Estudantes de duas escolas públicas municipais participam do projeto games inteligentes, que ensina pensamento computacional (Foto: arquivo da professora Ana Paula Cavadas)

Carlo explica que “produzindo jogos de computador, os cérebros dos estudantes aprendem a desenvolver um pensamento computacional, que usa todo o pensamento em algoritmo no processo. Por exemplo, um sistema que funcione de acordo com a regra da evolução. Os alunos precisam entender bem o que a professora de Ciências explicou, porque terão que replicar o que aprenderam quando criaram o game e, se não tiver lógica, a professora vai corrigir o conteúdo, dizendo-lhes o que não tem sentido no jogo, sob a ótica dos conhecimentos em Biologia. Os alunos ficam motivados a aprender e adquirem um conhecimento permanente, não apenas algo que decoram para a prova e que será esquecido tão logo passe o exame.
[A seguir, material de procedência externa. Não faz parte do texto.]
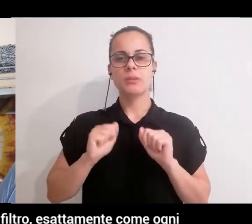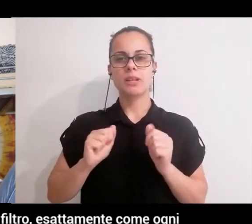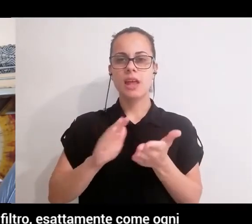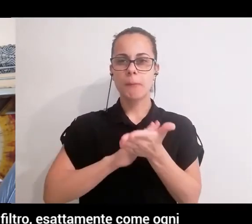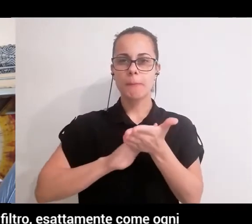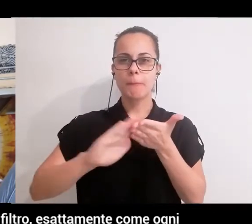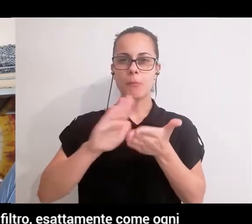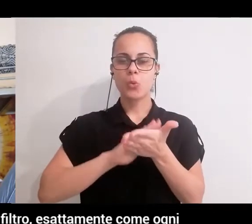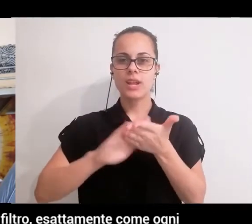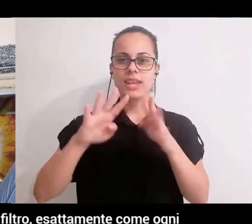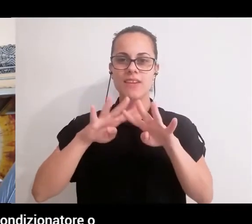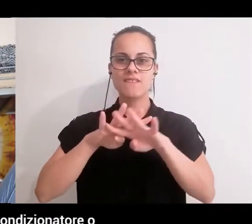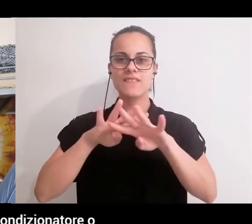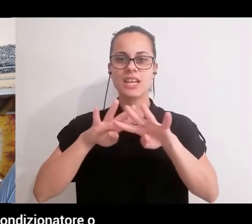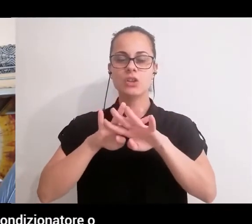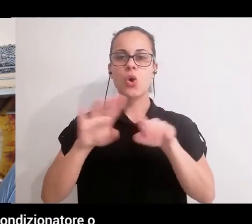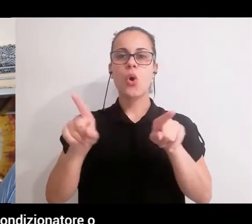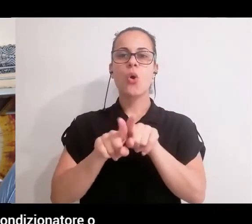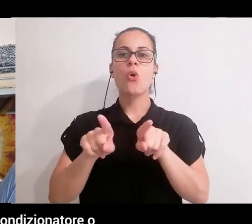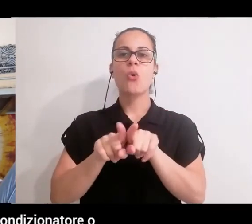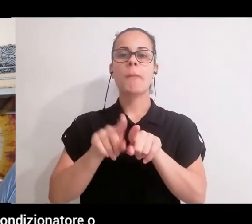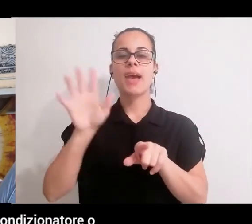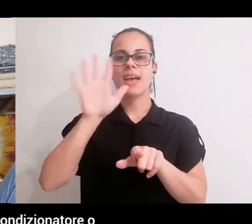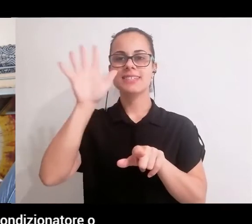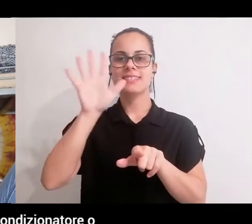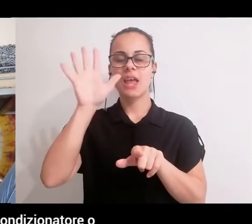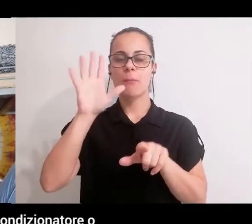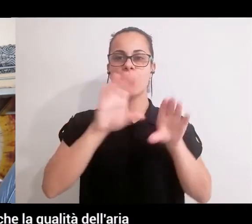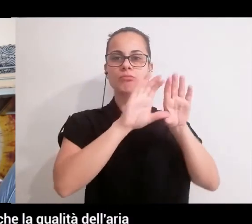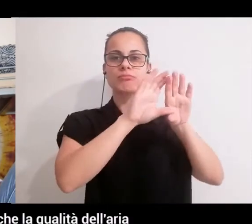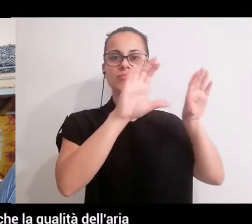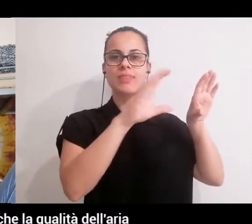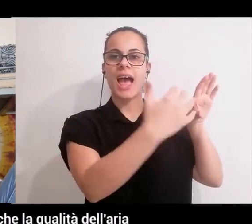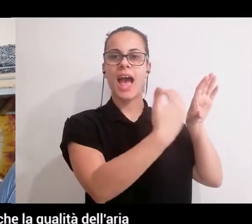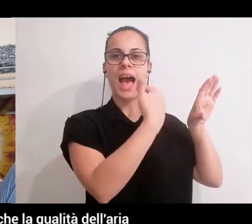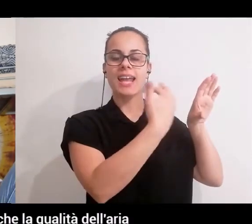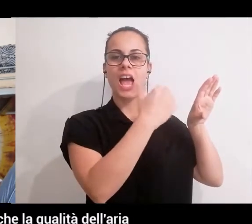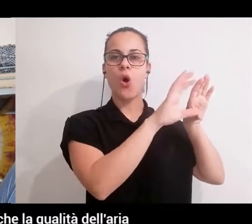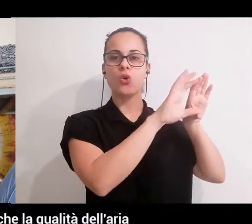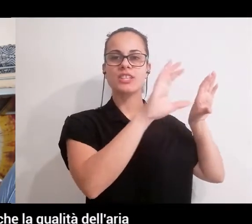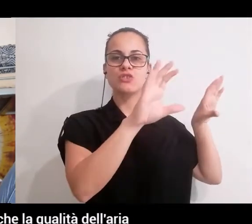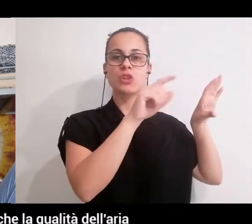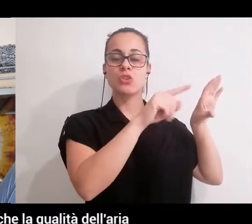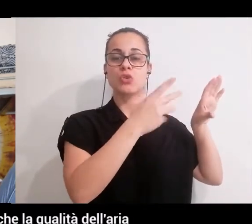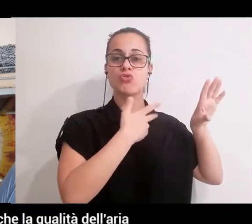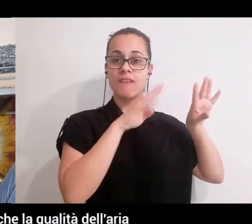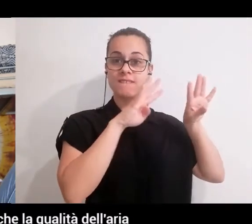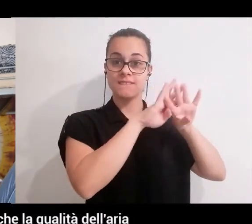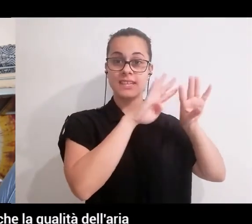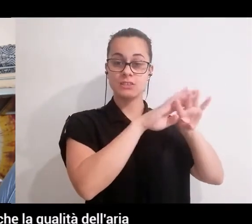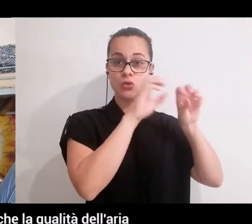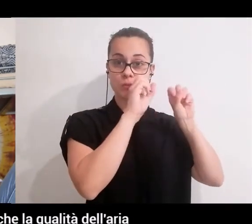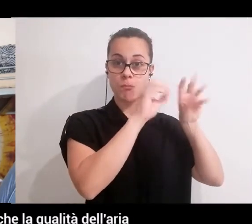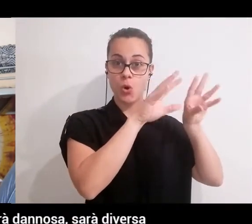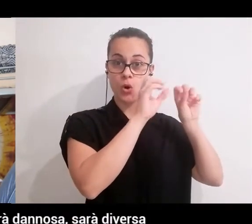filtro, esattamente come ogni tanto si fa la manutenzione del filtro del condizionatore della macchina. Se quel filtro è sporco anche la

O pensamento computacional melhora todas as notas de todas as matérias”.

Há uma outra escola da Rede onde o método está sendo empregado: a E.M. Charles Anderson Weaver (6ª CRE), em Coelho Neto. A UFRJ deseja ampliar a aplicação da pedagogia por games nas escolas públicas municipais do Rio.

Sistemas algorítmicos podem sair do controle dos humanos?
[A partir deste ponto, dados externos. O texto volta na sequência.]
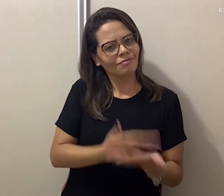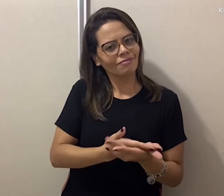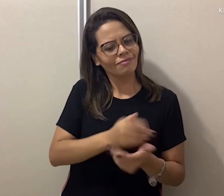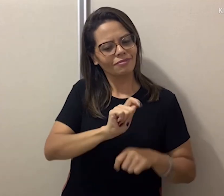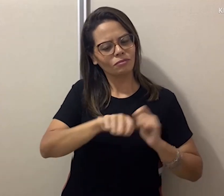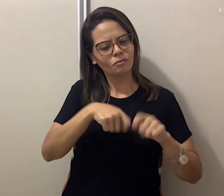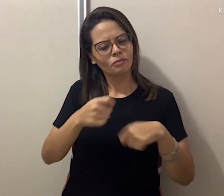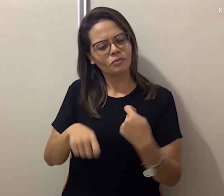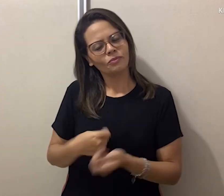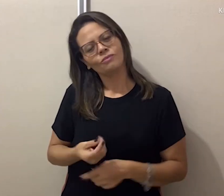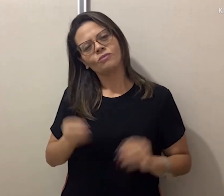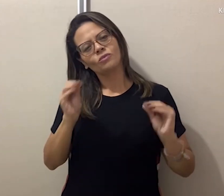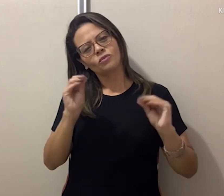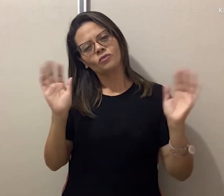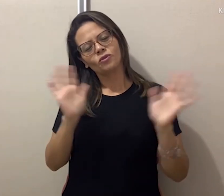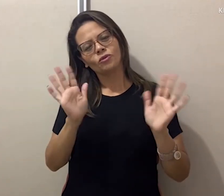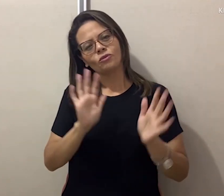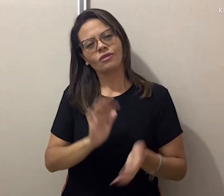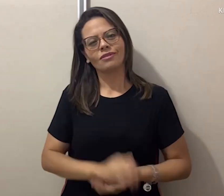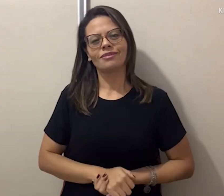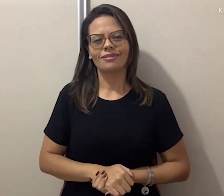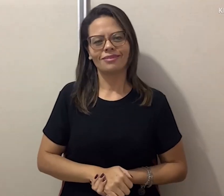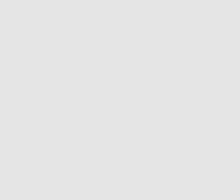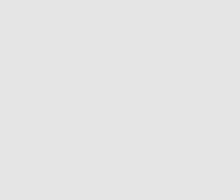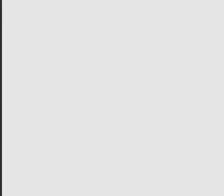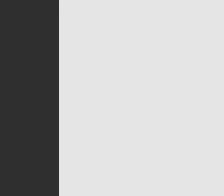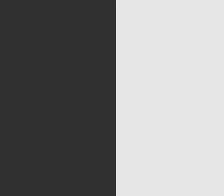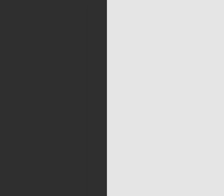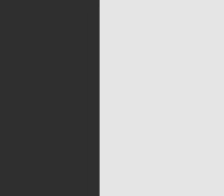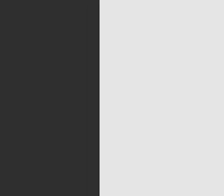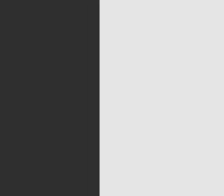Volte e estude os sinais. Beijo. Beijo.

Na entrevista que concedeu ao Portal MultiRio, Carlo disse ainda que sistemas algorítmicos clássicos, do tipo polinomial, seguem apenas regras pré-definidas e não saem do controle de quem os criou, mas se forem usados algoritmos eurísticos, isso pode acontecer. Ele explicou que essas máquinas têm a capacidade de modificar os próprios códigos para atingir a meta que foi estabelecida.

Em suas palavras: “as máquinas com algoritmos eurísticos podem decidir sozinhas que o passo a passo com os quais os humanos as programaram não é a forma mais eficiente de chegar ao resultado estabelecido. Isso aconteceu com o Facebook no desenvolvimento de reconhecimento facial que estava sendo desenvolvido. Os profissionais colocaram diversos computadores trocando informações entre si para obter o reconhecimento facial. O algoritmo eurístico desse sistema decidiu, sozinho, que o protocolo criado pelos humanos era incipiente e começou a desenvolver uma linguagem própria entre eles – os computadores. Os responsáveis pelo projeto ficaram com medo e desligaram o sistema. Os sistemas eurísticos são feitos com metas a alcançar e tentam todas as possibilidades para atingir o objetivo proposto, podendo considerar, inclusive, que a linguagem humana contém problemas de comunicação”.